Vol. 8, No. 1 April 2004
In This World
 The Pashtun are a group of people living along the eastern fringes of Afghanistan bordering Pakistan. They make up 45 percent of the Afghan population and formed the backbone of the Taliban organization. Fifty thousand of them find sanctuary in a Pakistan refugee camp known as Shamshatoo; most are escapees from the 1979 Soviet invasion and the barbaric regime of the Taliban. But life in the camps is in itself punishing and subhuman and there is every reason to seek life elsewhere.
 Jamal Udin Torabi is a sixteen-year-old Pashtun who has decided to embark on a long trip through the ancient Silk Road en route to what he envisions as a better place: London. Along with his twenty something cousin Enayat, Jamal braves what is sure to be a via dolorosa, a perilous journey through a dark tunnel with only a utopian dream and his cryptic English for a survival kit.
 British director Michael Winterbottom (Welcome to Sarajevo, 24 Hour Party People) recreates the journey of the two Pashtun refugees in his latest opus In this World, a film where documentary reality and fiction boundaries liquefy. The digitally-shot In this World is a visceral experience rather than a socio-political commentary. Winterbottom opts for a stylistic signature reminiscent of Italian neo-realism and the emergent Iranian new wave exemplified by the works of Mohsen Makhmalbaf (Kandahar, The Day I Became a Woman).

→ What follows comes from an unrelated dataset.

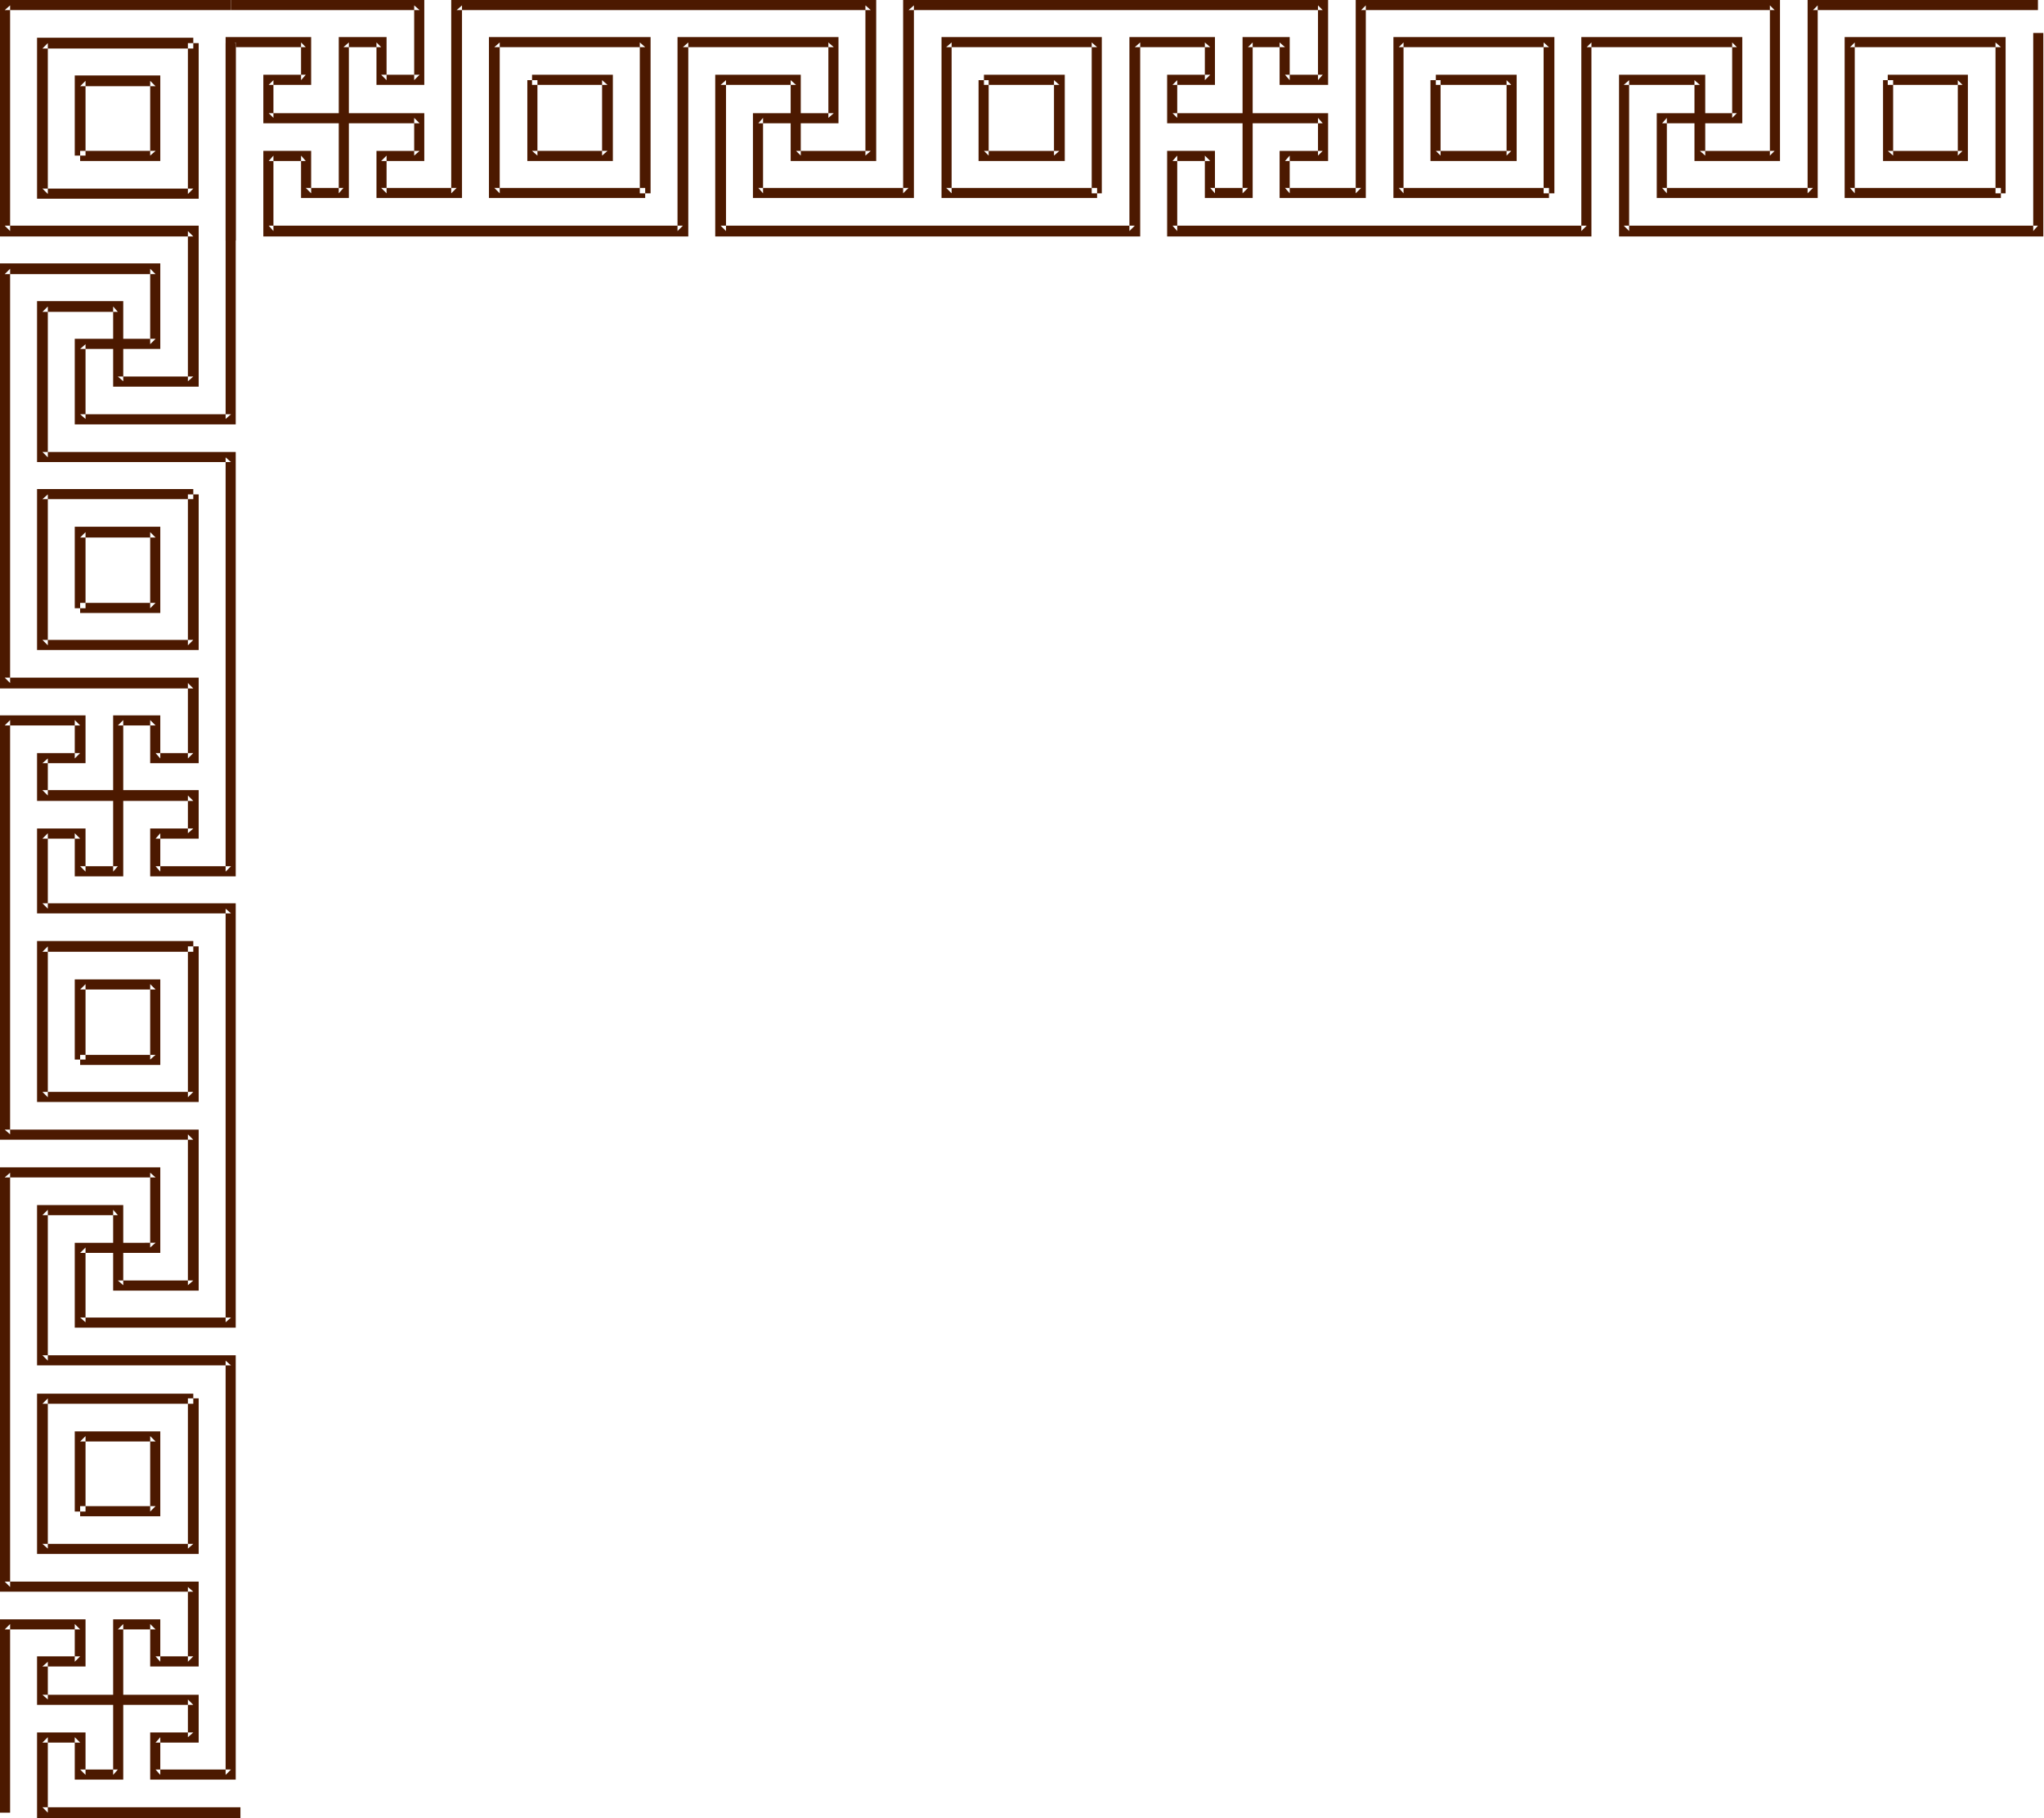 <svg xmlns="http://www.w3.org/2000/svg" fill-rule="evenodd" height="436.119" preserveAspectRatio="none" stroke-linecap="round" viewBox="0 0 3035 2699" width="490.455"><style>.brush1{fill:#4c1900}.pen1{stroke:none}</style><path class="pen1 brush1" d="M279 2076v223l8-7H63l8 7v-223l-8 8h224v-15H55v238h240v-231h-16zm8-679H55v239h240v-231h-16v224l8-8H63l8 8v-224l-8 8h224v-16z"/><path class="pen1 brush1" d="M127 2244v-112l-8 8h112l-8-8v112l8-8H119v15h119v-126H111v119h16zm0-671v-112l-8 8h112l-8-8v112l8-7H119v15h119v-127H111v119h16z"/><path class="pen1 brush1" d="M343 0H-1v351h288l-8-8v223l8-7H175l8 7V447H55v239h288l-8-7v615l8-8H231l7 8v-57l-7 8h64v-72H63l8 8v-55l-8 7h64v-71H-1v630h288l-8-8v224l8-7H175l8 7v-119H55v238h288l-8-7v615l8-8H231l7 8v-56l-7 8h64v-71H63l8 7v-56l-8 7h64v-70H-1v287h16v-280l-8 8h112l-8-8v56l8-8H55v72h232l-8-8v56l8-7h-64v70h127v-630H63l8 8v-224l-8 8h112l-7-8v120h127v-239H7l8 7v-615l-8 8h112l-8-8v57l8-8H55v71h232l-8-8v56l8-7h-64v71h127V671H63l8 8V455l-8 8h112l-7-8v119h127V335H7l8 8V8l-8 7h336V0z"/><path class="pen1 brush1" d="M335 64v558l8-7H119l8 7V511l-8 7h119V391H-1v631h288l-8-8v112l8-8h-56l7 8v-64h-70v232l7-8h-56l8 8v-64H55v126h288l-8-7v614l8-7H119l8 7v-111l-8 8h119v-127H-1v630h288l-8-7v111l8-8h-56l7 8v-63h-70v231l7-8h-56l8 8v-63H55v127h302v-16H63l8 8v-112l-8 8h56l-8-8v63h72v-231l-8 8h56l-8-8v63h72v-126H7l8 8v-615l-8 7h224l-8-7v111l8-7H111v126h239v-630H63l8 8v-112l-8 8h56l-8-8v64h72v-232l-8 8h56l-8-8v64h72v-127H7l8 8V399l-8 8h224l-8-8v112l8-8H111v127h239V64h-15z"/><path class="pen1 brush1" d="M279 734v224l8-8H63l8 8V734l-8 7h224v-15H55v239h240V734h-16zm8-678H55v239h240V64h-16v224l8-8H63l8 8V64l-8 8h224V56z"/><path class="pen1 brush1" d="M127 903V790l-8 8h112l-8-8v113l8-8H119v15h119V782H111v121h16zm0-672V120l-8 8h112l-8-8v111l8-7H119v15h119V112H111v119h16zm831 48H734l8 8V63l-8 7h224l-8-7v224h16V55H726v239h232v-15zm678 8V55h-238v239h231v-15h-224l8 8V63l-8 7h224l-8-7v224h15z"/><path class="pen1 brush1" d="M790 126h112l-8-7v112l8-7H790l8 7V119h-15v120h127V111H790v15zm671 0h112l-8-7v112l8-7h-112l7 7V119h-15v120h128V111h-120v15z"/><path class="pen1 brush1" d="M3026 0h-342v287l8-8h-224l7 8V175l-7 8h119V55h-239v288l8-8h-615l7 8V231l-7 8h56l-8-8v63h71V63l-7 7h55l-8-7v63h72V0h-631v287l8-8h-223l7 8V175l-7 8h119V55h-239v288l8-8H399l7 8V231l-7 8h55l-7-8v63h71V63l-8 7h56l-7-7v63h71V0H343v15h280l-8-7v111l8-8h-57l8 8V55h-71v232l7-8h-56l8 8v-63h-71v127h631V63l-8 7h224l-8-7v112l8-7h-120v126h239V8l-8 7h615l-7-7v111l7-8h-56l7 8V55h-70v232l8-8h-56l7 8v-63h-71v127h630V63l-7 7h223l-7-7v112l7-7h-119v126h239V8l-7 7h334V0z"/><path class="pen1 brush1" d="M3019 49v294l7-8h-615l8 8V119l-8 7h113l-8-7v120h127V0h-630v287l8-8h-113l7 8v-56l-7 8h64v-71h-231l7 7v-56l-7 7h63V55h-127v288l8-8h-615l8 8V119l-8 7h112l-8-7v120h127V0H670v287l8-8H566l8 8v-56l-8 8h64v-71H399l7 7v-56l-7 7h63V55H335v302h15V63l-7 7h111l-7-7v56l7-8h-63v72h232l-8-8v56l8-7h-64v70h127V8l-8 7h615l-8-7v223l8-7h-111l7 7V111h-127v240h631V63l-8 7h112l-8-7v56l8-8h-64v72h231l-7-8v56l7-7h-64v70h128V8l-7 7h614l-7-7v223l7-7h-111l8 7V111h-128v240h630V49h-15z"/><path class="pen1 brush1" d="M2300 279h-223l7 8V63l-7 7h223l-8-7v224h16V55h-239v239h231v-15zm678 8V55h-239v239h232v-15h-224l7 8V63l-7 7h224l-8-7v224h15z"/><path class="pen1 brush1" d="M2132 126h112l-7-7v112l7-7h-112l7 7V119h-15v120h128V111h-120v15zm671 0h111l-7-7v112l7-7h-111l8 7V119h-15v120h126V111h-119v15z"/></svg>

He follows the journey of the characters using intrusive hand-held cameras and the effect is powerful. The very cinematography of this film helps problematize the struggles of the refugees; it evinces their uncertainty, restlessness, and exhaustion. As such, Winterbottom almost literally puts the viewers in Jamal and Enayat's shoes.
 The obstacles and dangers that confront the two characters are menacing and cruel. They face the shrewd fixers of human smuggling who exact dollars and rupees from them. They escape gunfire as they trek a snow-covered trail in pitch darkness. And in one traumatic scene that will haunt me for some time, Jamal and Enayat are literally imprisoned in the cargo of a delivery truck for 40 hours along with other refugees, among them, a baby. Sealed, cramped and illuminated only by a single flashlight, the truck becomes hell on earth from which there is no escape, especially for Enayat, who does not live to tell the tale.
 Winterbottom, however, does not limit his film to Third World miserabilism. In this World's touching moments come in the unguarded glimpses of humanity shining through despite the characters' ordeals. In a couple of stops, Jamal enjoys a game of football with boys his age, cracks silly jokes just when Enayat is about to sleep, and enjoys a tall cone of ice cream a friendly vendor offers for the price of a regular scoop. One scene that stands out beautifully in its guilelessness is when Jamal says goodbye to friends and relatives just before he sets out on his journey. As he walks away from the refugee camp, a small boy follows him jestingly and ignores Jamal's stern orders for him to get back home. Because the scene unfolds in a subtle, non-manipulative way, it pulls powerfully at the heartstrings. Contributing to the ethos is Winterbottom's choice of non-actors to play roles that are close equivalents, if not exact re-enactments, of their real-life roles. Jamal, for one, plays himself.
 The road map is grim and long for Jamal- Shamshatoo-Peshawar-Quetta-Tehran-Istanbul-Trieste, until the last stop before London, the Sangatte refugee camp in France. From there, the channel tunnel offers the final crossing to freedom.
 Will he see the light at the end of the tunnel?
 The denouement is open-ended and the film proffers an eschatological perspective. In the closing scene, we see Jamal ardently praying to Allah in a London mosque. The prayer lingers as the credits roll and we read from subtitles that in real life, Jamal will be ordered to leave London on his eighteenth birthday. For marginal Third World people like Jamal, a reasonably decent life is too much to ask for in this world.